Eye For Film >> Movies >> Pasty Faces (2000) Film Review
Pasty Faces
Reviewed by: Angus Wolfe Murray
Low budget laddish Brit flicks are inevitably compared to Lock, Stock and Trainspotting. Let's not go there. David Baker's DIY production stands on its own, with Whipped and the other cut-price homegrowns and does well to have reached the market place.
Baker is an actor and so writes about actors. He understands the humiliation of failed auditions, waiting for the agent to call and filling in with lousy jobs in fast food joints. He has an ear for Glaswegian argot, the wit and prattle of out-of-work bampots. If he had stayed there, built a story around the characters he started with, created a comedy about aspiration in a city where hope lies skin deep and disappointment comes wrapped in self-deprecating humour, the movie might have been more memorable.

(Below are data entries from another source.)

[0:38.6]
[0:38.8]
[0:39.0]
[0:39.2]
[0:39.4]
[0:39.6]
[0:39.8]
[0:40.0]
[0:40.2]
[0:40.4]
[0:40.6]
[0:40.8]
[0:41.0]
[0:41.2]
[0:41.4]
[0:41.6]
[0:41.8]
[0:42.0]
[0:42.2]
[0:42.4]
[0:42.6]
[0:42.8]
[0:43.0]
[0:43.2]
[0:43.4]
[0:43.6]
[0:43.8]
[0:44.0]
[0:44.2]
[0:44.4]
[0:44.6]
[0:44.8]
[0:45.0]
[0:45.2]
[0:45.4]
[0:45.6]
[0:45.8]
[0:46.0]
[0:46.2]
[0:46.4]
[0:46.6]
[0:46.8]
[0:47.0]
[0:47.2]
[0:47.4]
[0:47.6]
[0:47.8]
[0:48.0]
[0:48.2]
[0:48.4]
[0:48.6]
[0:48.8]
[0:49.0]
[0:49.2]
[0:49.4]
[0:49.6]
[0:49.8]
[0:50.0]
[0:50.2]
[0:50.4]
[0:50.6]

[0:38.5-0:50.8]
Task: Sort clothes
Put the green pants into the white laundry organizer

In some ways, he makes a braver decision, to open it out and take it on the road, to Vegas, via Hollywood, gathering the cast as he goes. By doing so, he loses the intimacy of a Bill Forsyth moment, relying on the speed of the plot to obscure weaknesses in detail.
None of the characters has time to grow. The closest is Joe (Alan McCafferty), daft sidekick of main man, Mickey (Baker), who idolises Italian American movie stars and behaves like a hooligan when provoked. Actually, he doesn't need to be provoked.

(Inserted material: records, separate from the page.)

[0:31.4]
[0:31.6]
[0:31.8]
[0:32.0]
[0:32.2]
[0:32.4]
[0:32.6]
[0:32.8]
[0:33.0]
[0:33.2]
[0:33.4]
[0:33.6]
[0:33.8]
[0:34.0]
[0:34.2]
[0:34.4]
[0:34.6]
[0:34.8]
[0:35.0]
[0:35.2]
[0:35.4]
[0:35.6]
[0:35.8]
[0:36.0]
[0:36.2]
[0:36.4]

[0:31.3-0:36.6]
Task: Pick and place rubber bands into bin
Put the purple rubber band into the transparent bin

"Do you know where we're from? Scotland! Do you know what that means? We love to pick a fight!"
Joe is the joker and Mickey the straight man. They share a flat in Glasgow, while resting from thespian duties that somehow don't materialise. Joe owes money to loan sharks, which means men with short haircuts and low intelligence threaten him with a near death experience if the debt isn't paid by next Tuesday. Mickey's pal, Steve (Gary Cross), sends a postcard from LA, raving about the place and persuading them to come over - "They'll think you're Ewan McGregor's brother." With the heavies closing in and a taxi waiting, Joe and Mickey escape to the airport.
On arrival in California, Mickey instructs Joe to "play it cool, like the residents", which falls on deaf ears, since Joe is virtually uncontrollable. The opportunity for Baker to have fun with two idiot Scots on American soil is not pushed beyond the running joke: "Where are you guys from? Poland?" He sets up comic situations and then fails to follow through, as if too eager to advance the story.
Steve isn't making it as an actor, as they were led to believe, but works as a cleaner at the studios and lives in a bus with a flat tyre on a disused heliport outside the city. He shares this surprisingly well appointed mobile home with Bobby (Martin McGreechin), a Glaswegian slob, who spends most of his time in bed and contributes nothing to the plot. This is not McGreechin's fault, but Baker's. Why have him there if he's not going to do anything?
Steve suggests they go to Las Vegas and make a fortune at the card tables. Mickey hasn't any better ideas and so they drive across the desert, picking up Jackie (Cora Bissett), a disaffected groupie, who is also from Glasgow, en route. She's another interesting, but wasted character, zany and packed with energy, who finally silences Joe by falling for him.
Meanwhile, the script begins to implode. After losing their money in two seconds flat, they are persuaded to initiate a heist by a man in a dark suit and once they have real guns in their hands, the movie takes on the mantle of pastiche and all credibility is lost.
As a first film, from a standing start, Pasty Faces has many qualities. Baker writes sharp dialogue, McCafferty has comic potential, Cross is solid. Mickey tells the man in the dark suit, "We're not criminals. We're a bunch of arseholes." He's probably right, but is it enough?